#### [Requirement]
Exactly the lines from the one with "ordentlichen Gemeindsversammlung dagegen" through the final line of the listing below should appear in the answer, and no others.
========================
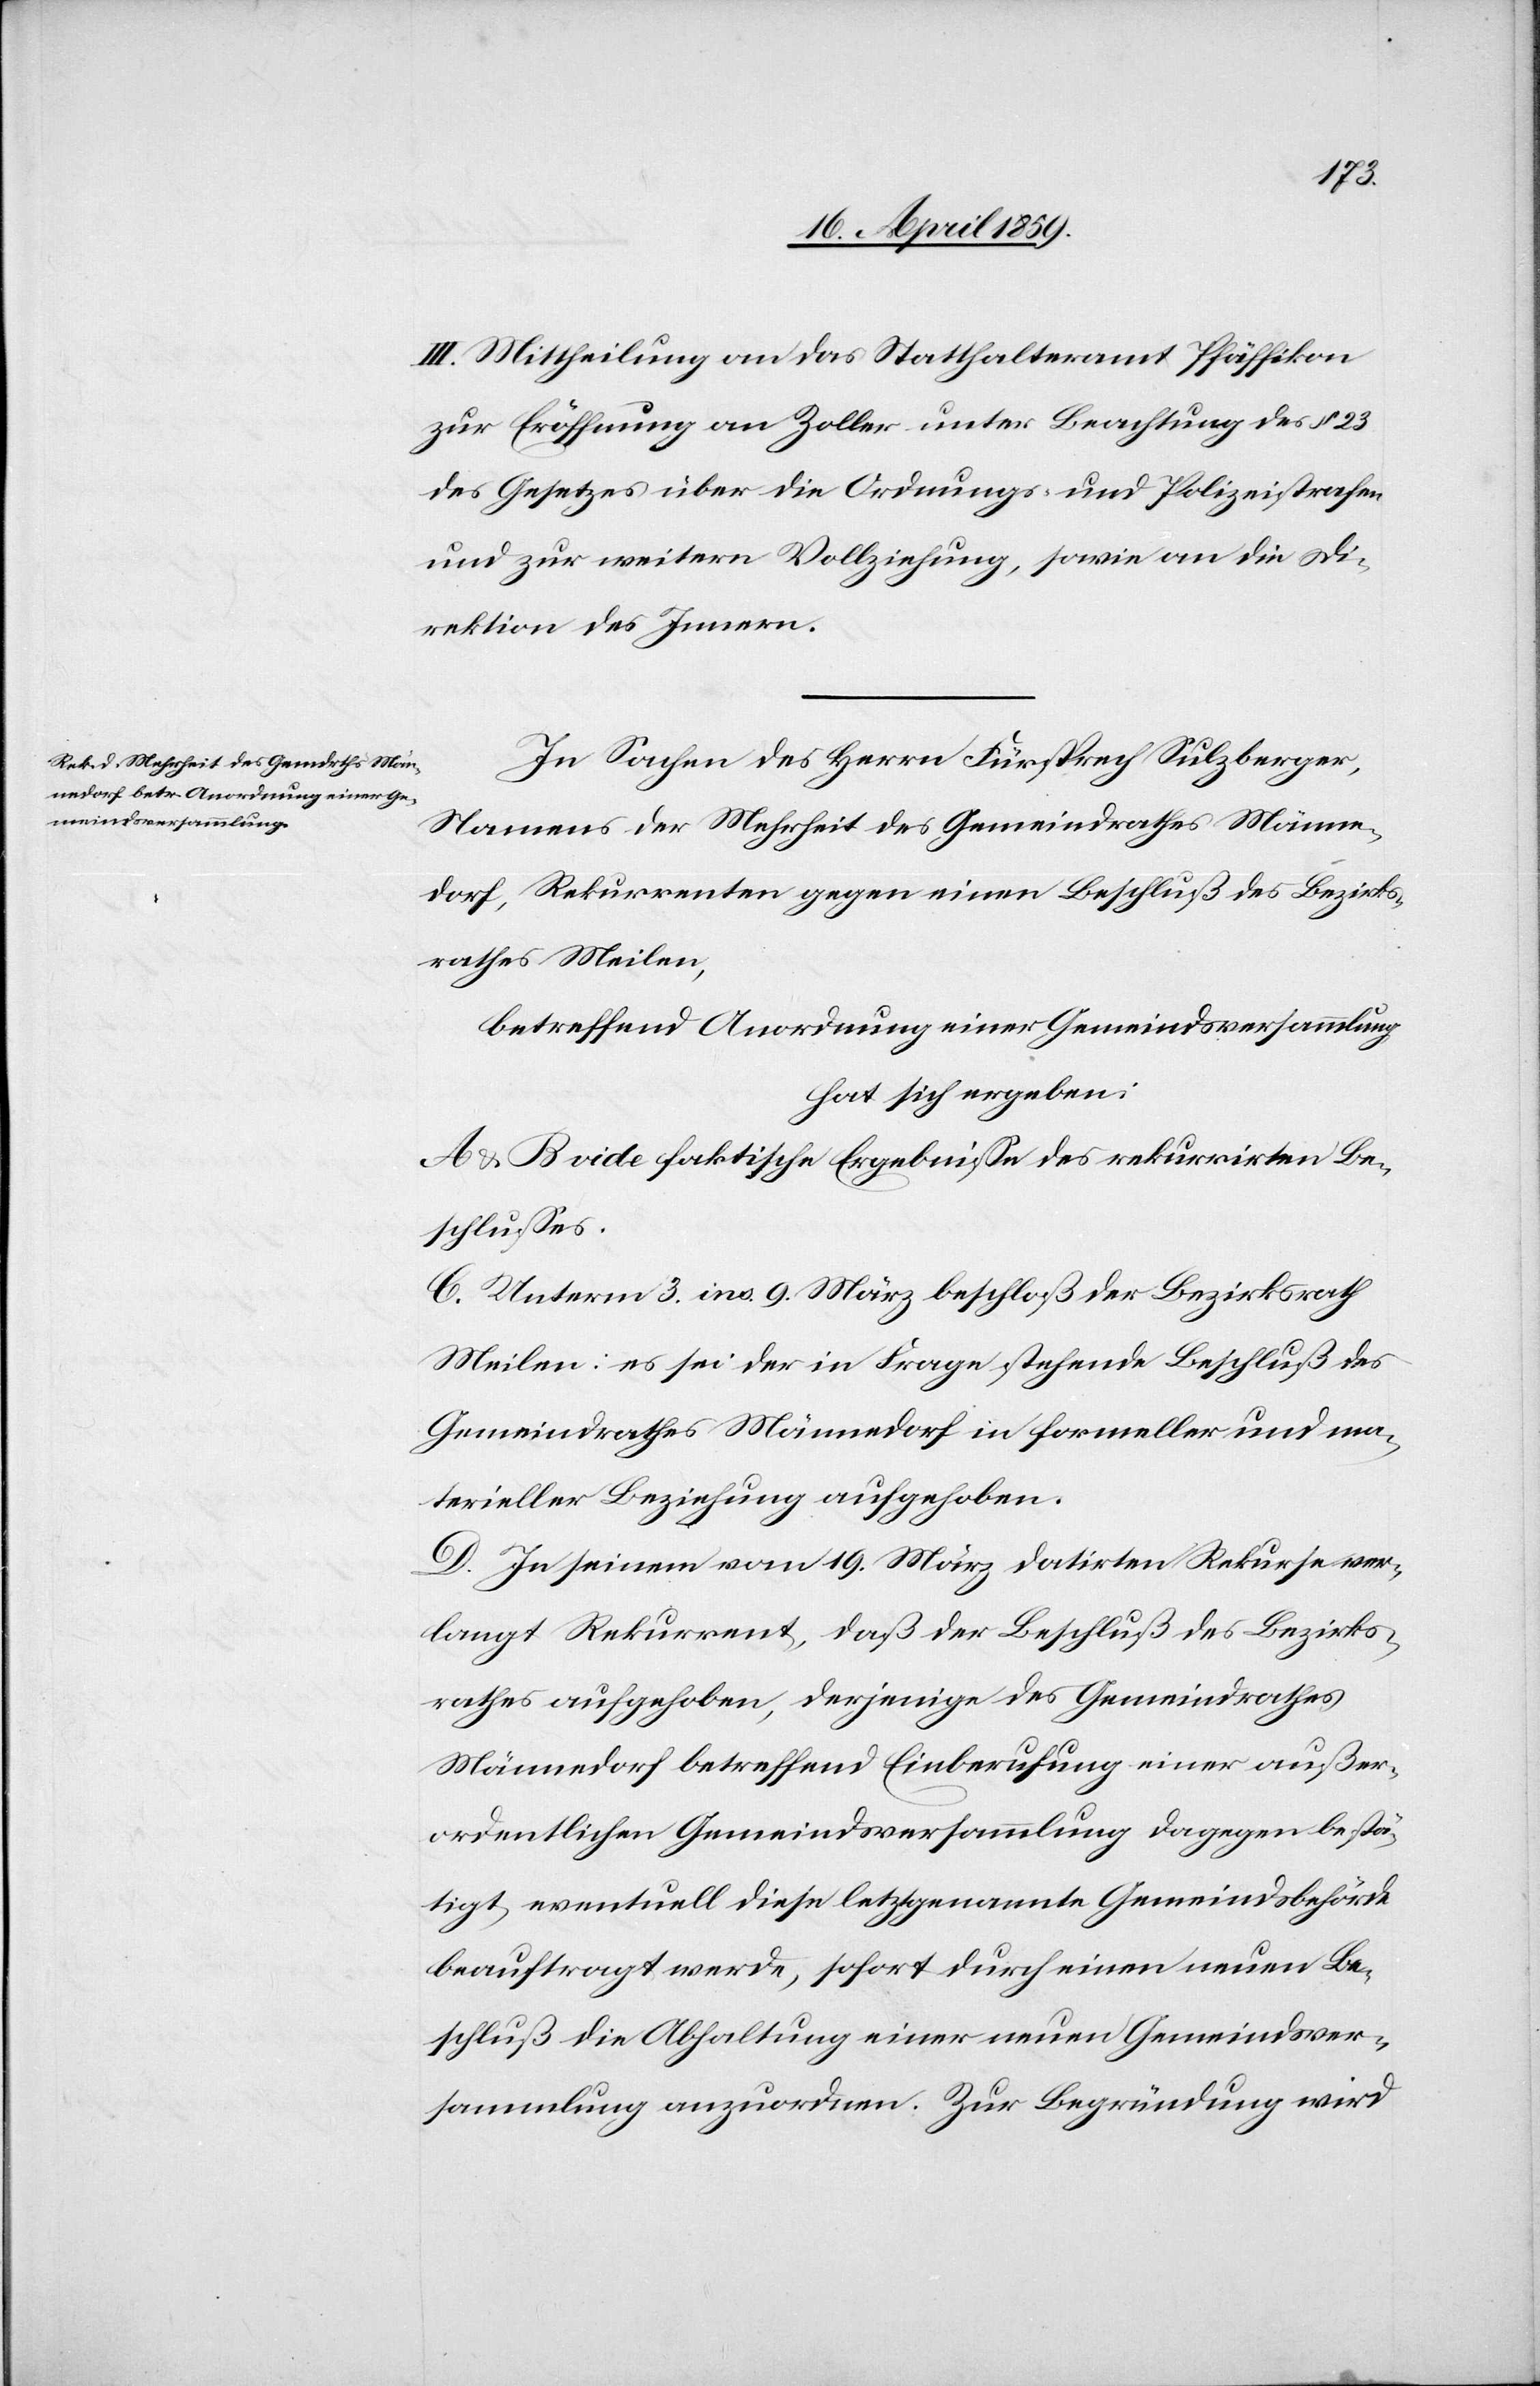
III. Mittheilung an das Statthalteramt Pfäffikon
zur Eröffnung an Zoller unter Beachtung des § 23
des Gesetzes über die Ordnungs- und Polizeistrafen
und zur weitern Vollziehung, sowie an die Di¬
rektion des Innern.
In Sachen des Herrn Fürsprech Sulzberger,
Namens der Mehrheit des Gemeindrathes Männe¬
dorf, Rekurrenten gegen einen Beschluß des Bezirks¬
rathes Meilen,
betreffend Anordnung einer Gemeindsversammlung
hat sich ergeben:
A. & B vide faktische Ergebniße des rekurrirten Be¬
schlußes.
C. Unterm 3. ins. 9. März beschloß der Bezirksrath
Meilen: es sei der in Frage stehende Beschluß des
Gemeindrathes Männedorf in formeller und ma¬
terieller Beziehung aufgehoben.
D. In seinem vom 19. März datirten Rekurse ver¬
langt Rekurrent, daß der Beschluß des Bezirks¬
rathes aufgehoben, derjenige des Gemeindrathes
Männedorf betreffend Einberufung einer außer¬
ordentlichen Gemeindsversammlung dagegen bestä¬
tigt, eventuell diese letztgenannte Gemeindsbehörde
beauftragt werde, sofort durch einen neuen Be¬
schluß die Abhaltung einer neuen Gemeindsver¬
sammlung anzuordnen. Zur Begründung wird
========================
#### [Written solution]
ordentlichen Gemeindsversammlung dagegen bestä¬
tigt, eventuell diese letztgenannte Gemeindsbehörde
beauftragt werde, sofort durch einen neuen Be¬
schluß die Abhaltung einer neuen Gemeindsver¬
sammlung anzuordnen. Zur Begründung wird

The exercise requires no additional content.